Ebert, in a posting on his website, refutes a Friday news report that said he had made the edict.
Film critic Roger Ebert, photographed at his Chicago home in April 2007, holds the trademark to the 'thumbs up-thumbs down' assessment along with the estate of the late Gene Siskel.
(Dom Najolia/Chicago Sun-Times/Associated Press)
According to the Associated Press report, Disney-ABC Domestic Entertainment released a statement saying Ebert has "exercised his right to withhold use of the 'thumbs' until a new contract is signed."
The 65-year-old critic is working out a new deal with Disney-ABC Domestic Television, the syndicated show's distributor.
"Contrary to Disney’s press release, I did not demand the removal of the Thumbs™," said the writer on his website.
"We are discussing the continued use of our Thumbs™ trademarks.… I had made it clear the Thumbs™ could remain during good-faith negotiations."

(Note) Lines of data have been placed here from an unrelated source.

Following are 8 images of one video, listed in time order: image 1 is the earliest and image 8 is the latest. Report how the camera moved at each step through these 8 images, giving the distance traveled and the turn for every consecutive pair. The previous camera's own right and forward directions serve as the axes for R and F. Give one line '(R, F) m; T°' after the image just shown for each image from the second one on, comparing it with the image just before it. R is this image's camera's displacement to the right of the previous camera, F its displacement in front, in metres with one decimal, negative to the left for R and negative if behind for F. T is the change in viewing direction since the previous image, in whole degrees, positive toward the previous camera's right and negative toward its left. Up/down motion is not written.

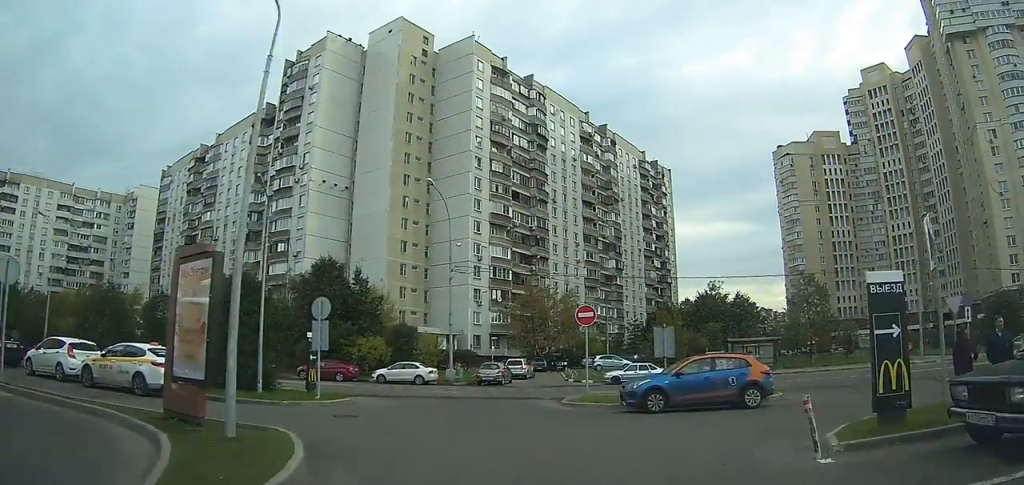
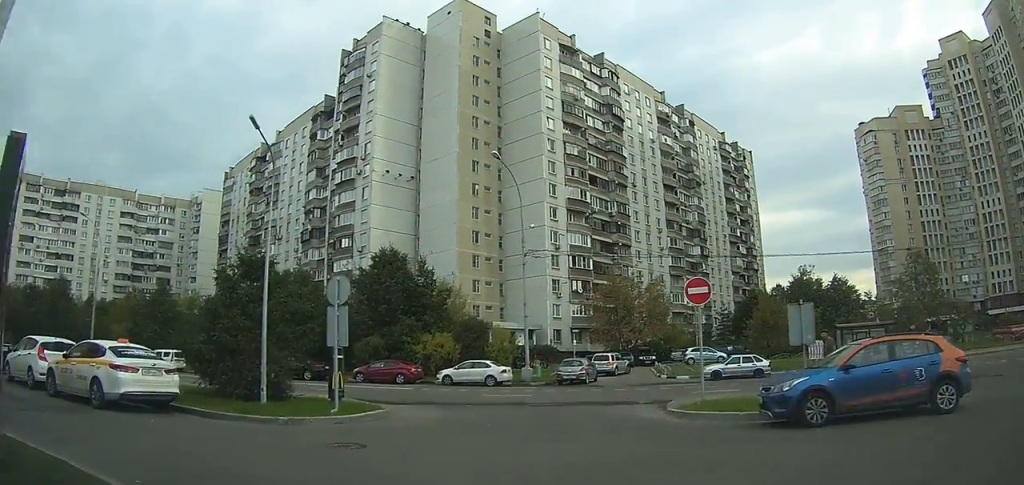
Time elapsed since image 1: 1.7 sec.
(-0.2, +4.5) m; -11°
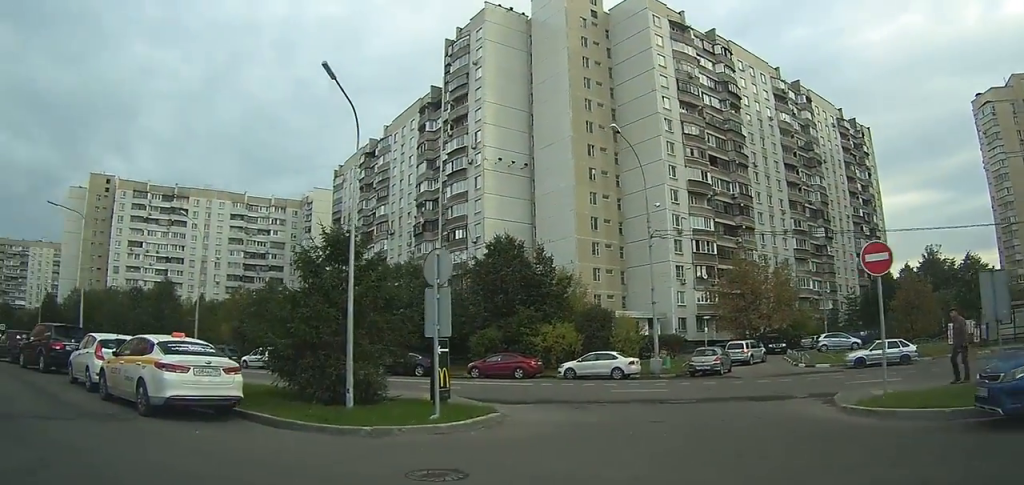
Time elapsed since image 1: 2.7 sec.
(0.0, +3.2) m; -12°
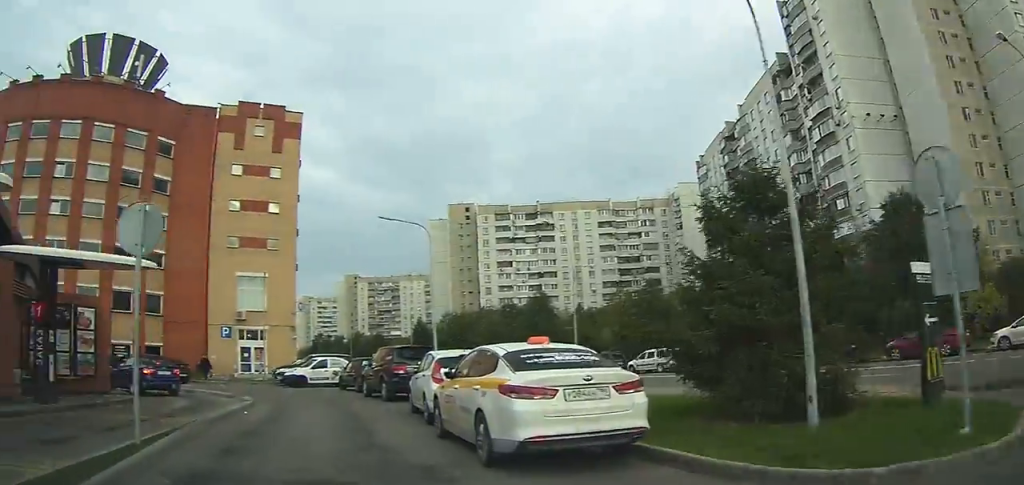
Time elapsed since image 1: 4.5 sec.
(-1.1, +4.9) m; -18°
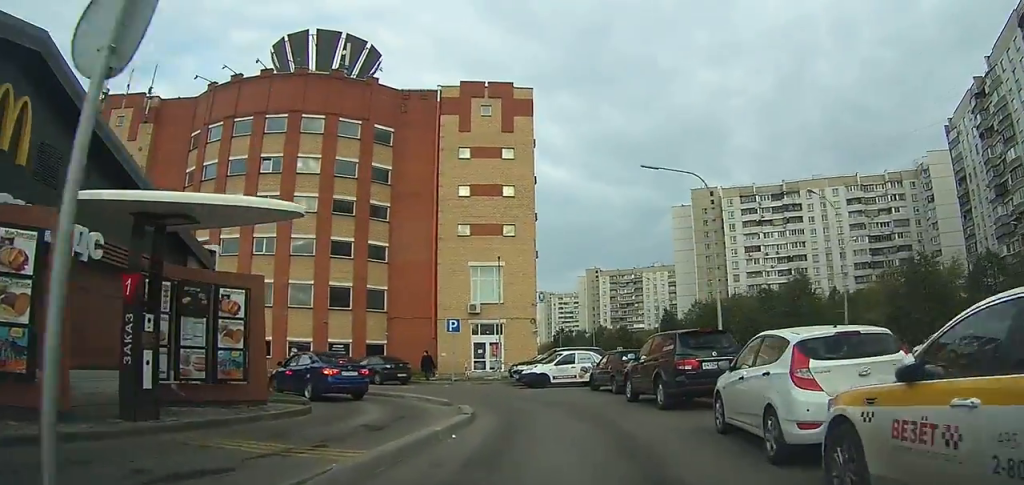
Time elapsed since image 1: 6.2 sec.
(-0.7, +5.3) m; -14°
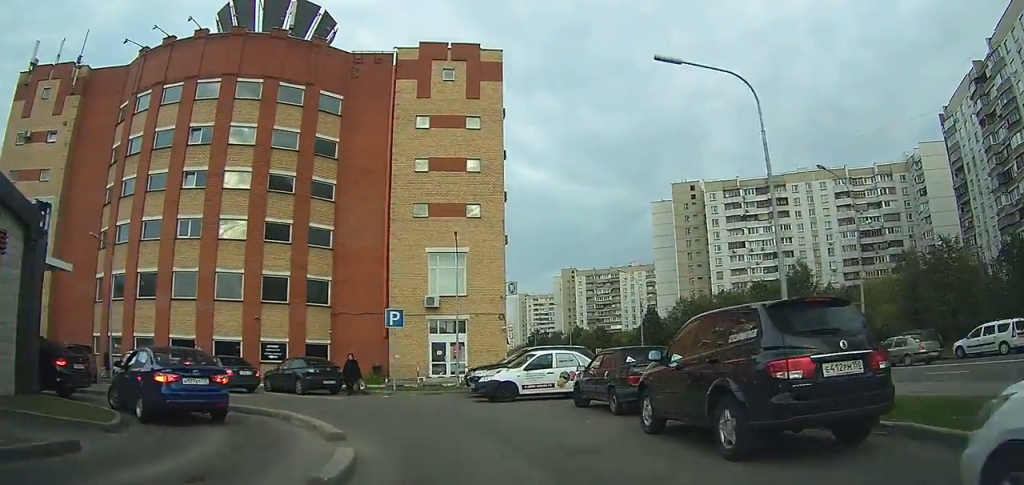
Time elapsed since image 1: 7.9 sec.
(-0.5, +5.6) m; -12°
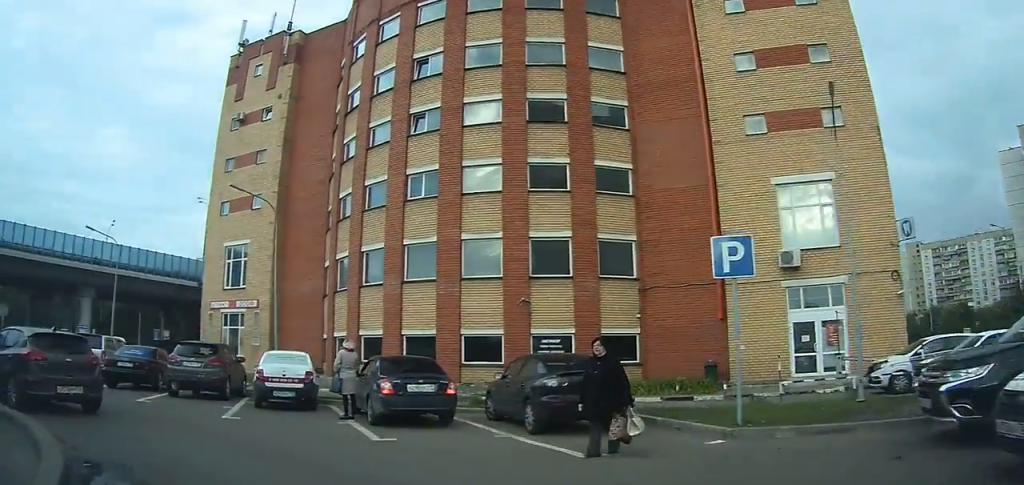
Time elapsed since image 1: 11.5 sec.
(-3.2, +12.3) m; -37°
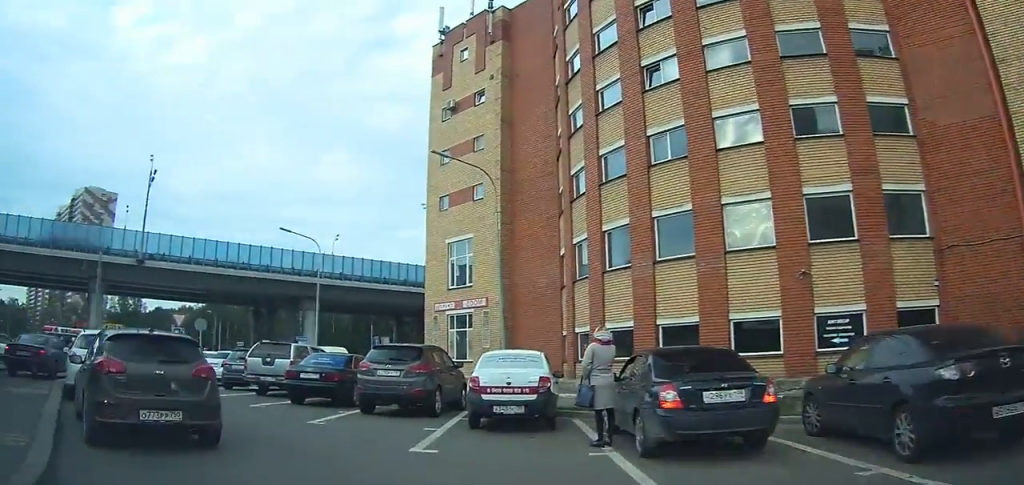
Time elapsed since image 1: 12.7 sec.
(-0.9, +4.3) m; -17°

Ebert also indicated the negotiations weren't going well. According to him: "They made a first offer on Friday which I considered offensively low."
The Pulitzer Prize-winner holds the trademark rights to the critique with the estate of Gene Siskel, his original co-host. Ebert, a film critic at the Chicago Sun-Times, and Siskel, who was at the rival Chicago Tribune, launched the show in 1975. Siskel died in 1999.
Ebert has co-hosted the show with fellow Sun-Times writer Richard Roeper since 2000.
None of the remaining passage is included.